When capture is no longer needed you can remove it with:

maxctrl unlink service RWS-Router CAPTURE_FLTR
maxctrl destroy filter CAPTURE_FLTR

File based configuration

Define a capture filter by adding the following configuration object and add it to each service whose traffic is to be captured. The traffic from all services that use the filter will be combined so only use the filter in services that point to the same database cluster.

[CAPTURE_FLTR]
type=filter
module=wcar
capture_duration=1h # Limit capture duration to one hour
capture_size=1Gi    # Limit capture size to 1GiB
start_capture=true  # Start capturing immediately after starting MaxScale

Example configuration file

Here is an example configuration for capturing from a single MariaDB server, where capture starts when MaxScale starts and stops when MaxScale is stopped (start_capture=true). MaxScale listens on port 4006 and connects to MariaDB on port 3306.

[server1]
type=server
address=127.0.0.1
port=3306

[MariaDB-Monitor]
type=monitor
module=mariadbmon
servers=server1
user=maxuser
password=maxpwd

[CAPTURE_FLTR]
type=filter
module=wcar
capture_duration=1h     # Limit capture duration to one hour
capture_size=1Gi        # Limit capture size to 1GiB
start_capture=true      # Start capturing immediately after starting MaxScale

[RWS-Router]
type=service
router=readwritesplit
cluster=MariaDB-Monitor
user=maxuser
password=maxpwd
filters=CAPTURE_FLTR

[RWS-Listener]
type=listener
service=RWS-Router
protocol=MariaDBClient
port=4006

Capturing Traffic

This section explains how capture is done with configuration value start_capture=true.

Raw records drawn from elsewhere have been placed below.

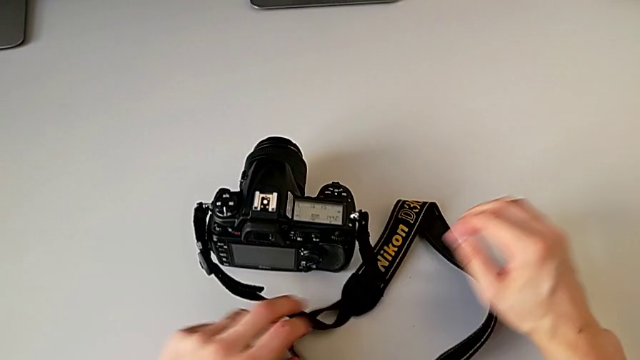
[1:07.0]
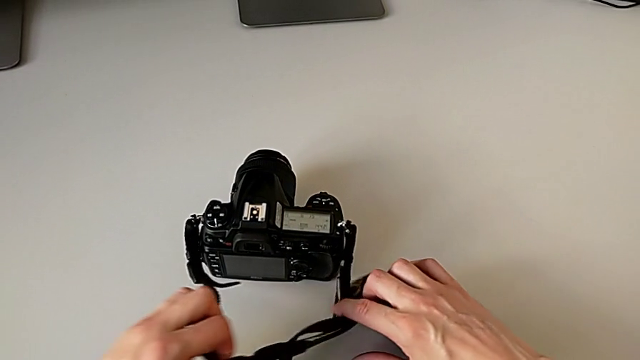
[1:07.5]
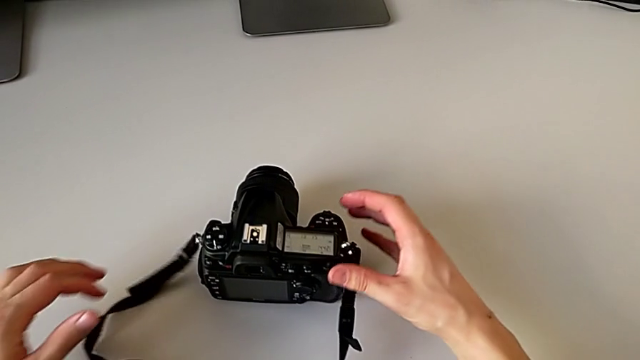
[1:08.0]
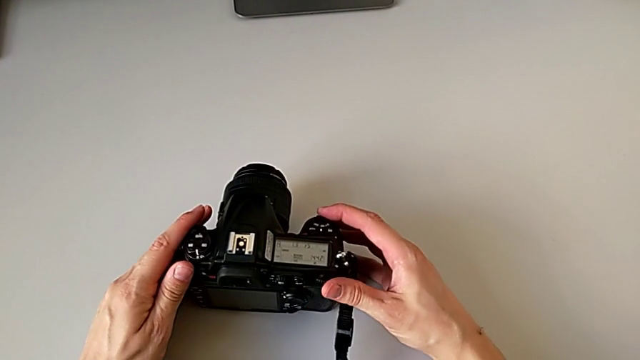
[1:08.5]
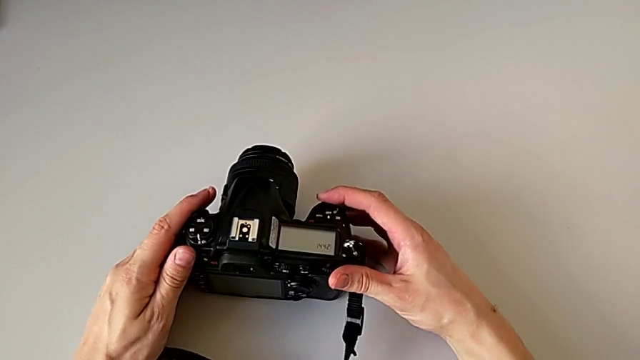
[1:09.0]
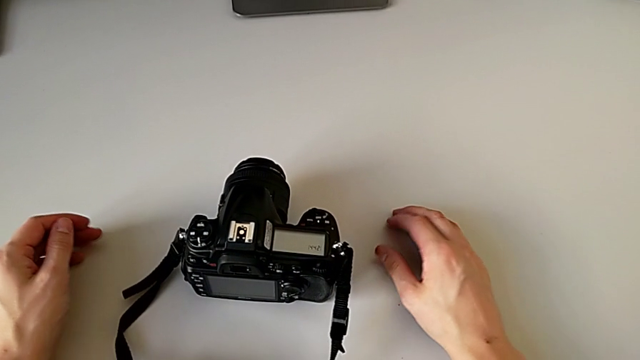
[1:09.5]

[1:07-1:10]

Two things are needed to replay a workload: the client traffic that's captured by MaxScale and a backup of the database that is used to initialize the replay server. The backup should be taken from the point in time where the capture starts and the simplest way to achieve this is to take a logical backup by doing the following.

  • Stop MaxScale
  • Take a backup of the database with mariadb-dump --all-databases --system=all
  • Start MaxScale

Once MaxScale has been started, the captured traffic will be written to files in /var/lib/maxscale/wcar/<name> where <name> is the name of the filter (CAPTURE_FLTR in the examples).

Each capture will generate a number of files named NAME_YYYY-MM-DD_HHMMSS.SUFFIX where NAME is the capture name (defaults to capture), YYYY-MM-DD is the date and HHMMSS is the time and the SUFFIX is one of .cx, .ex or .gx. For example, a capture started on the 18th of April 2024 at 10:26:11 would generate a file named capture_2024-04-18_102611.cx.

Stopping the Capture

To stop the capture, simply stop MaxScale, or issue the command:

maxctrl call command wcar stop CAPTURE_FLTR

where "CAPTURE_FLTR" is the name given to the filter as in the example configuration above.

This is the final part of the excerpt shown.